Determine how many lines of the material hold the string "above" and reply with only that number.

★ ★ ★ ★ ★

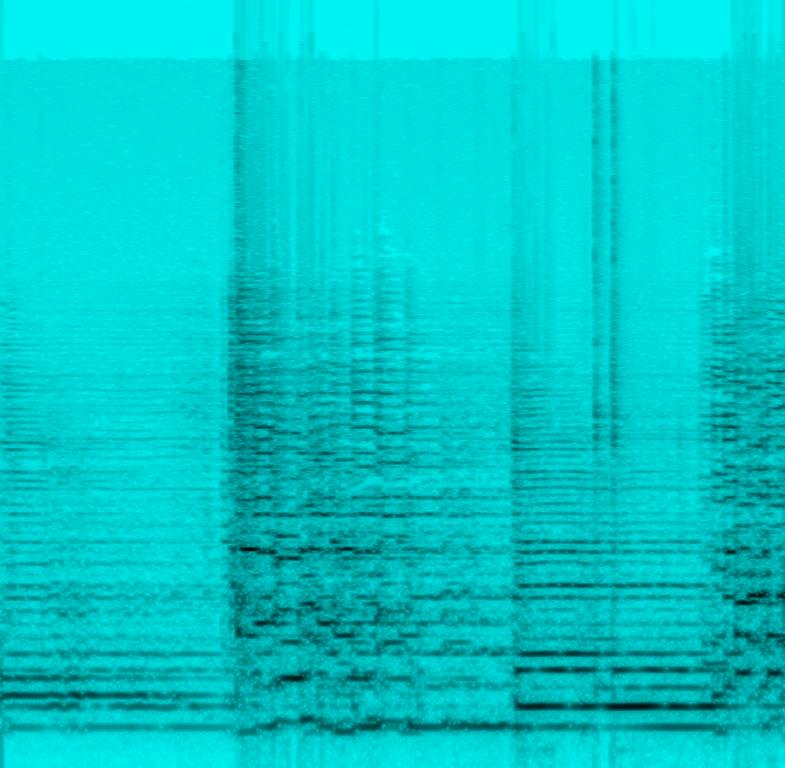
The song is an instrumental. The song is medium tempo with an amplified guitar solo lead, complete with knob flicking tones. The song is loud and energetic. The audio quality is poor and recorded live at home.
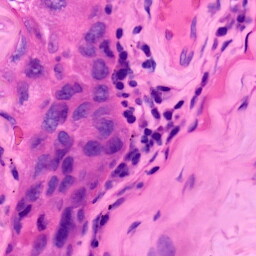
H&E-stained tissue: Lung
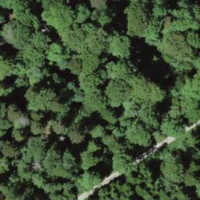
EUNIS habitat code: 44
Species observed at this site:
Ilex aquifolium
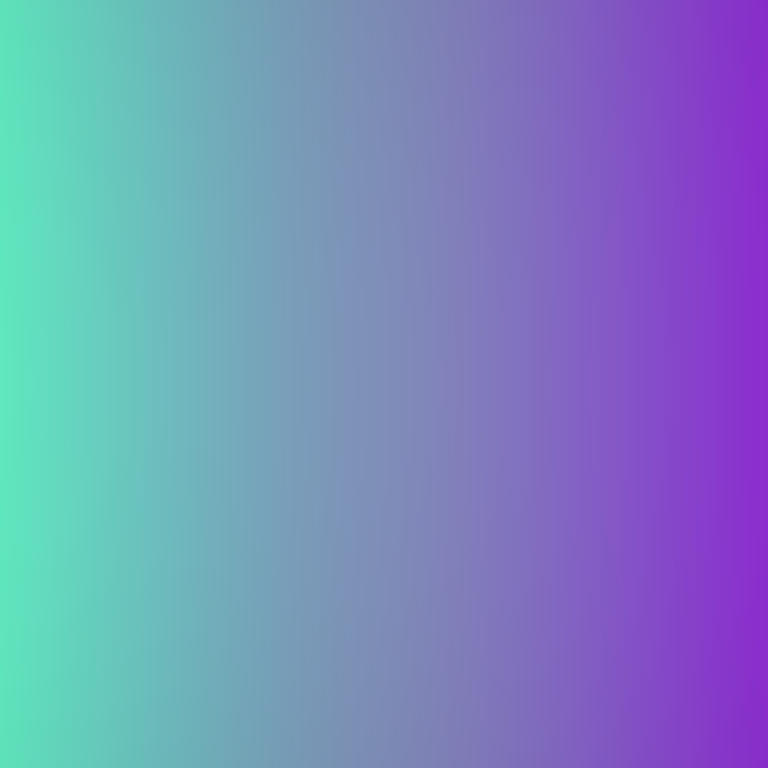
Abstract light effect, smooth gradient from teal to violet, serene atmosphere, soft blend, no room, no furniture, no objects.
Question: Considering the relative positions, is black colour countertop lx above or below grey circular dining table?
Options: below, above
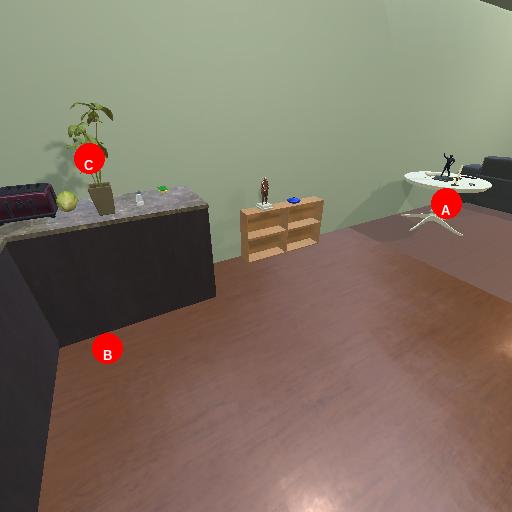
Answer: below
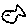
Label: fish
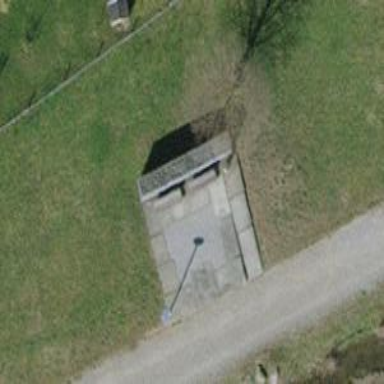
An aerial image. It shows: Bench for seating.

★ ★ ★ ★ ★

• **THE ANSWER**
2